Hardware aging / monitoring (informational, not urgent)¶

PSU intermittent failures during cold-start (May 2026) — awareness item, no action right now. Both PSUs are PS-2122-2H, ~14 years old. They showed intermittent failures during the cold-start in May 2026, correlated with memory training failures (so the DIMMs themselves are probably fine — it was PSU instability cascading into the memory subsystem during init). Probable cause: electrolytic capacitor drying after the 15-month dormancy; behaviour normalised after a few minutes of warm-up. Monitor: watch for recurrence after the next planned reboot — if the same symptoms appear on a stable, warmed-up system, the caps are likely past their service life. Mitigation if needed: replacement PSUs — used HP DPS-750RB-1 or HSTNS-PD30 from eBay / Marktplaats (~€25-50 each). Two PSUs in the chassis = swap one at a time without downtime if both are seated and healthy.

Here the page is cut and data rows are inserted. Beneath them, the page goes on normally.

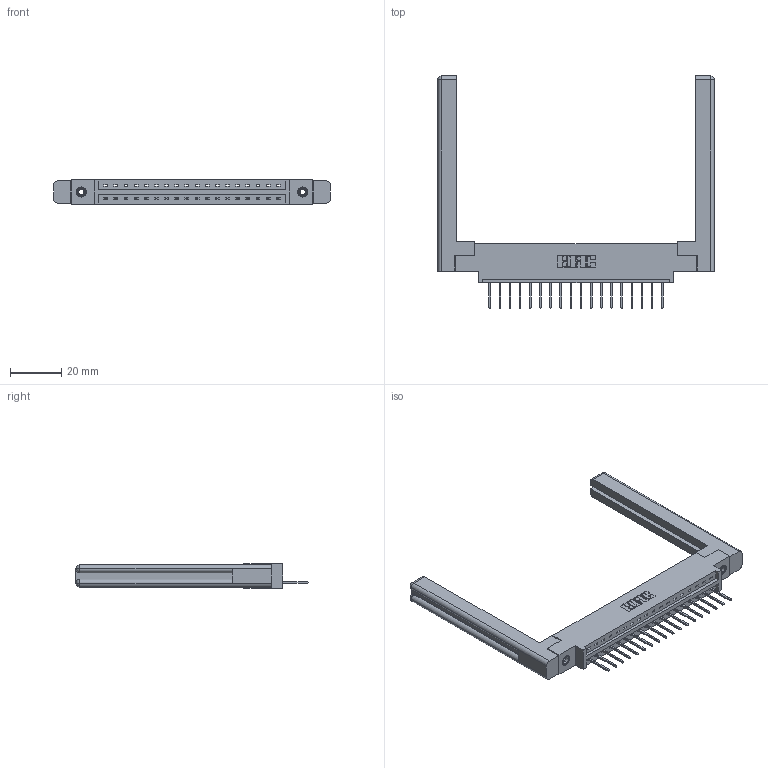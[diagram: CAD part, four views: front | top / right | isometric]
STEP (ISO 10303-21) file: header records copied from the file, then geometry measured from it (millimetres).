
FILE_DESCRIPTION (( 'STEP AP203' ), '1' );
FILE_NAME ('387-018-523-658.STEP', '2019-10-02T20:06:01', ( '' ), ( '' ), 'SwSTEP 2.0', 'SolidWorks 2016', '' );
FILE_SCHEMA (( 'CONFIG_CONTROL_DESIGN' ));
Length unit declared in the file: inch
Products named in the file (5): 345-292-001_345-293-123; 345-250-001_345-250-001-102; 337 Part_0.170 Offset - 0.156 Dia-TI; 307-220-058; 387-018-523-658
Assembly tree (23 placements, depth 2):
  387-018-523-658
    337 Part_0.170 Offset - 0.156 Dia-TI
    345-292-001_345-293-123  x18
    345-250-001_345-250-001-102  x2
    307-220-058  x2
Bounding box: 107.95 x 90.56 x 9.4 mm (x, y, z)
Volume: 17956.9 mm3; surface area: 16346.9 mm2
Topology: 23 solids, 23 shells, 1376 faces, 4061 edges, 2670 vertices
Faces by surface type: plane 986, cylinder 366, cone 12, torus 12
Entity records: 19268 total; most frequent: CARTESIAN_POINT 3355, ORIENTED_EDGE 3248, DIRECTION 2892, EDGE_CURVE 1624, VECTOR 1448, LINE 1448, VERTEX_POINT 1074, AXIS2_PLACEMENT_3D 722
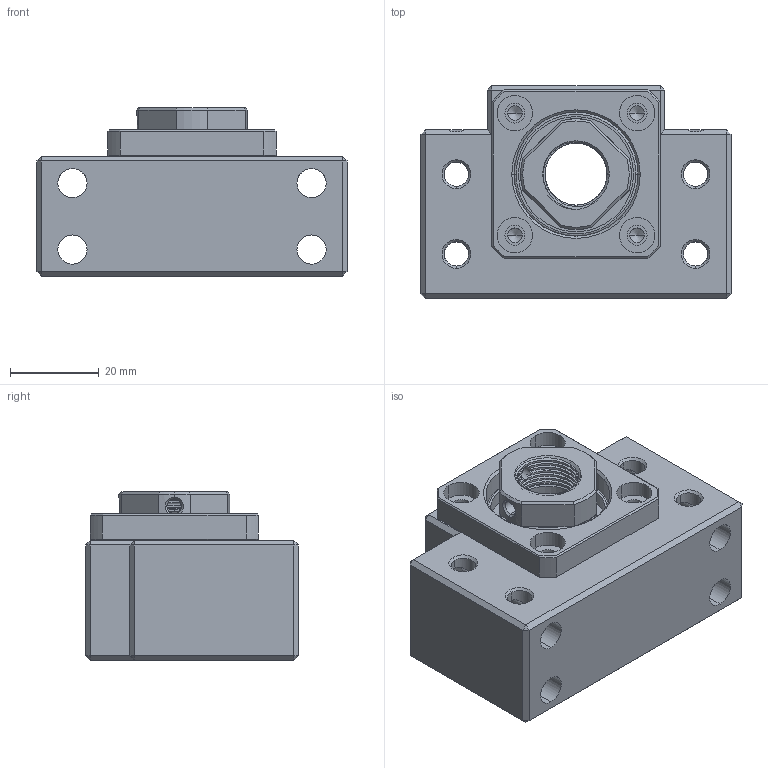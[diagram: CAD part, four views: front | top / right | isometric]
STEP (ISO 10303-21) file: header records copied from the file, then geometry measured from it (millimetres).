
FILE_DESCRIPTION (( 'STEP AP203' ), '1' );
FILE_NAME ('BK15.STEP', '2017-05-04T11:50:58', ( 'User' ), ( '' ), 'SwSTEP 2.0', 'SolidWorks 2015', '' );
FILE_SCHEMA (( 'CONFIG_CONTROL_DESIGN' ));
Length unit declared in the file: millimetre
Products named in the file (1): BK15
Bounding box: 70 x 48 x 38 mm (x, y, z)
Volume: 69755.3 mm3; surface area: 37276.1 mm2
Topology: 39 solids, 39 shells, 469 faces, 1153 edges, 639 vertices
Faces by surface type: cylinder 151, bspline 136, plane 104, cone 78
Entity records: 16889 total; most frequent: CARTESIAN_POINT 7407, ORIENTED_EDGE 2066, DIRECTION 1776, EDGE_CURVE 1033, AXIS2_PLACEMENT_3D 710, VERTEX_POINT 639, EDGE_LOOP 532, ADVANCED_FACE 469

Temp 30 sensor — currently 69 C, alert if >85 C. Highest- running thermal point in the iLO sensor map. iLO's own thresholds are caution 110 C / critical 115 C — plenty of headroom — but a sustained climb above ~85 C suggests dust buildup in the heatsink / vents or a degrading fan, and warrants the dust inspection in the maintenance window bundle. No action right now; just keep an eye on it via iLO web UI Information -> System Information -> Temperatures, or via ipmitool sdr type Temperature.